WHAT NEEDS TO BE DONE:
Your reply should be the full listing, copied exactly.

DATA FOR THIS TASK: Begin

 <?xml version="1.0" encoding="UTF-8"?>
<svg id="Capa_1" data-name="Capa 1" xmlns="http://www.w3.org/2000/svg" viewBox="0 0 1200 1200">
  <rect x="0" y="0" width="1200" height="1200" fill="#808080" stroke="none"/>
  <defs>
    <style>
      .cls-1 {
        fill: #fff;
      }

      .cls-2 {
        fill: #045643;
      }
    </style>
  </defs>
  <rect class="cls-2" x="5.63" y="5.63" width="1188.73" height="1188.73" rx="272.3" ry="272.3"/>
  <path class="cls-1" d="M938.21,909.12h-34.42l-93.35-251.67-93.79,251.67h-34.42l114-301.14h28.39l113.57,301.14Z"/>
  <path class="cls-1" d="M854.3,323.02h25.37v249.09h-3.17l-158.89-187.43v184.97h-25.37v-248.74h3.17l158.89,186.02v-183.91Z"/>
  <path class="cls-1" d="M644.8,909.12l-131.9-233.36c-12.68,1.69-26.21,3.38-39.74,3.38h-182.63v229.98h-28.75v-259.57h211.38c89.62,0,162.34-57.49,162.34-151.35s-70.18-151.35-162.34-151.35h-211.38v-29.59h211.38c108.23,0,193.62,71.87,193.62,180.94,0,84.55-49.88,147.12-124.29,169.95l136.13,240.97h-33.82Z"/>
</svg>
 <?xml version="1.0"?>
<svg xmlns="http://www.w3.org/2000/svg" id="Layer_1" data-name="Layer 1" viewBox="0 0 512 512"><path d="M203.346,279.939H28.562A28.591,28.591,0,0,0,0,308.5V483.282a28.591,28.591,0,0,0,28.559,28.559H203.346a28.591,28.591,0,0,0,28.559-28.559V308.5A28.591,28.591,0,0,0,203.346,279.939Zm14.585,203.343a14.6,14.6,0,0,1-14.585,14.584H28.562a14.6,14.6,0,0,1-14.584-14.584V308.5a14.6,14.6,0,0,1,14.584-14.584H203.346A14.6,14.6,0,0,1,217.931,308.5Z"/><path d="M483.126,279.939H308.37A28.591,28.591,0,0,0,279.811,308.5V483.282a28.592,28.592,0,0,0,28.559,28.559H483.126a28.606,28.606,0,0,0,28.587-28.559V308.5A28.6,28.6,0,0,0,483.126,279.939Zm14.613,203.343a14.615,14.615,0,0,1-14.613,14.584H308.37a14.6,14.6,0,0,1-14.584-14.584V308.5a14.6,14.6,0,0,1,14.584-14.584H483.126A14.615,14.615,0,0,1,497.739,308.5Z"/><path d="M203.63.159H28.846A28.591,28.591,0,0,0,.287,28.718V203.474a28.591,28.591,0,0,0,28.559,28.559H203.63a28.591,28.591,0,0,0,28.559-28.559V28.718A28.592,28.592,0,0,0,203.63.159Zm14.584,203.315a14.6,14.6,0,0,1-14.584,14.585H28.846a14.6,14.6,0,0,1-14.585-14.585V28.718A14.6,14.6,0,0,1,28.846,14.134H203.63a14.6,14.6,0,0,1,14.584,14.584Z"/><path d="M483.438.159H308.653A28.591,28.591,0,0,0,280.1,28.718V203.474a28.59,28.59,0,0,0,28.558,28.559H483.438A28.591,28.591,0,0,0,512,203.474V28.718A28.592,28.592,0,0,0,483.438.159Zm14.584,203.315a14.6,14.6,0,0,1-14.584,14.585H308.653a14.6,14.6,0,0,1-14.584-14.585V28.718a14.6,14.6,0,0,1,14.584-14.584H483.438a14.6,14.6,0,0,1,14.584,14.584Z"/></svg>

DATA FOR THIS TASK: End

THE COMPLETED TASK:
 <?xml version="1.0" encoding="UTF-8"?>
<svg id="Capa_1" data-name="Capa 1" xmlns="http://www.w3.org/2000/svg" viewBox="0 0 1200 1200">
  <rect x="0" y="0" width="1200" height="1200" fill="#808080" stroke="none"/>
  <defs>
    <style>
      .cls-1 {
        fill: #fff;
      }

      .cls-2 {
        fill: #045643;
      }
    </style>
  </defs>
  <rect class="cls-2" x="5.63" y="5.63" width="1188.73" height="1188.73" rx="272.3" ry="272.3"/>
  <path class="cls-1" d="M938.21,909.12h-34.42l-93.35-251.67-93.79,251.67h-34.42l114-301.14h28.39l113.57,301.14Z"/>
  <path class="cls-1" d="M854.3,323.02h25.37v249.09h-3.17l-158.89-187.43v184.97h-25.37v-248.74h3.17l158.89,186.02v-183.91Z"/>
  <path class="cls-1" d="M644.8,909.12l-131.9-233.36c-12.68,1.69-26.21,3.38-39.74,3.38h-182.63v229.98h-28.75v-259.57h211.38c89.62,0,162.34-57.49,162.34-151.35s-70.18-151.35-162.34-151.35h-211.38v-29.59h211.38c108.23,0,193.62,71.87,193.62,180.94,0,84.55-49.88,147.12-124.29,169.95l136.13,240.97h-33.82Z"/>
</svg>
 <?xml version="1.0"?>
<svg xmlns="http://www.w3.org/2000/svg" id="Layer_1" data-name="Layer 1" viewBox="0 0 512 512"><path d="M203.346,279.939H28.562A28.591,28.591,0,0,0,0,308.5V483.282a28.591,28.591,0,0,0,28.559,28.559H203.346a28.591,28.591,0,0,0,28.559-28.559V308.5A28.591,28.591,0,0,0,203.346,279.939Zm14.585,203.343a14.6,14.6,0,0,1-14.585,14.584H28.562a14.6,14.6,0,0,1-14.584-14.584V308.5a14.6,14.6,0,0,1,14.584-14.584H203.346A14.6,14.6,0,0,1,217.931,308.5Z"/><path d="M483.126,279.939H308.37A28.591,28.591,0,0,0,279.811,308.5V483.282a28.592,28.592,0,0,0,28.559,28.559H483.126a28.606,28.606,0,0,0,28.587-28.559V308.5A28.6,28.6,0,0,0,483.126,279.939Zm14.613,203.343a14.615,14.615,0,0,1-14.613,14.584H308.37a14.6,14.6,0,0,1-14.584-14.584V308.5a14.6,14.6,0,0,1,14.584-14.584H483.126A14.615,14.615,0,0,1,497.739,308.5Z"/><path d="M203.63.159H28.846A28.591,28.591,0,0,0,.287,28.718V203.474a28.591,28.591,0,0,0,28.559,28.559H203.63a28.591,28.591,0,0,0,28.559-28.559V28.718A28.592,28.592,0,0,0,203.63.159Zm14.584,203.315a14.6,14.6,0,0,1-14.584,14.585H28.846a14.6,14.6,0,0,1-14.585-14.585V28.718A14.6,14.6,0,0,1,28.846,14.134H203.63a14.6,14.6,0,0,1,14.584,14.584Z"/><path d="M483.438.159H308.653A28.591,28.591,0,0,0,280.1,28.718V203.474a28.59,28.59,0,0,0,28.558,28.559H483.438A28.591,28.591,0,0,0,512,203.474V28.718A28.592,28.592,0,0,0,483.438.159Zm14.584,203.315a14.6,14.6,0,0,1-14.584,14.585H308.653a14.6,14.6,0,0,1-14.584-14.585V28.718a14.6,14.6,0,0,1,14.584-14.584H483.438a14.6,14.6,0,0,1,14.584,14.584Z"/></svg>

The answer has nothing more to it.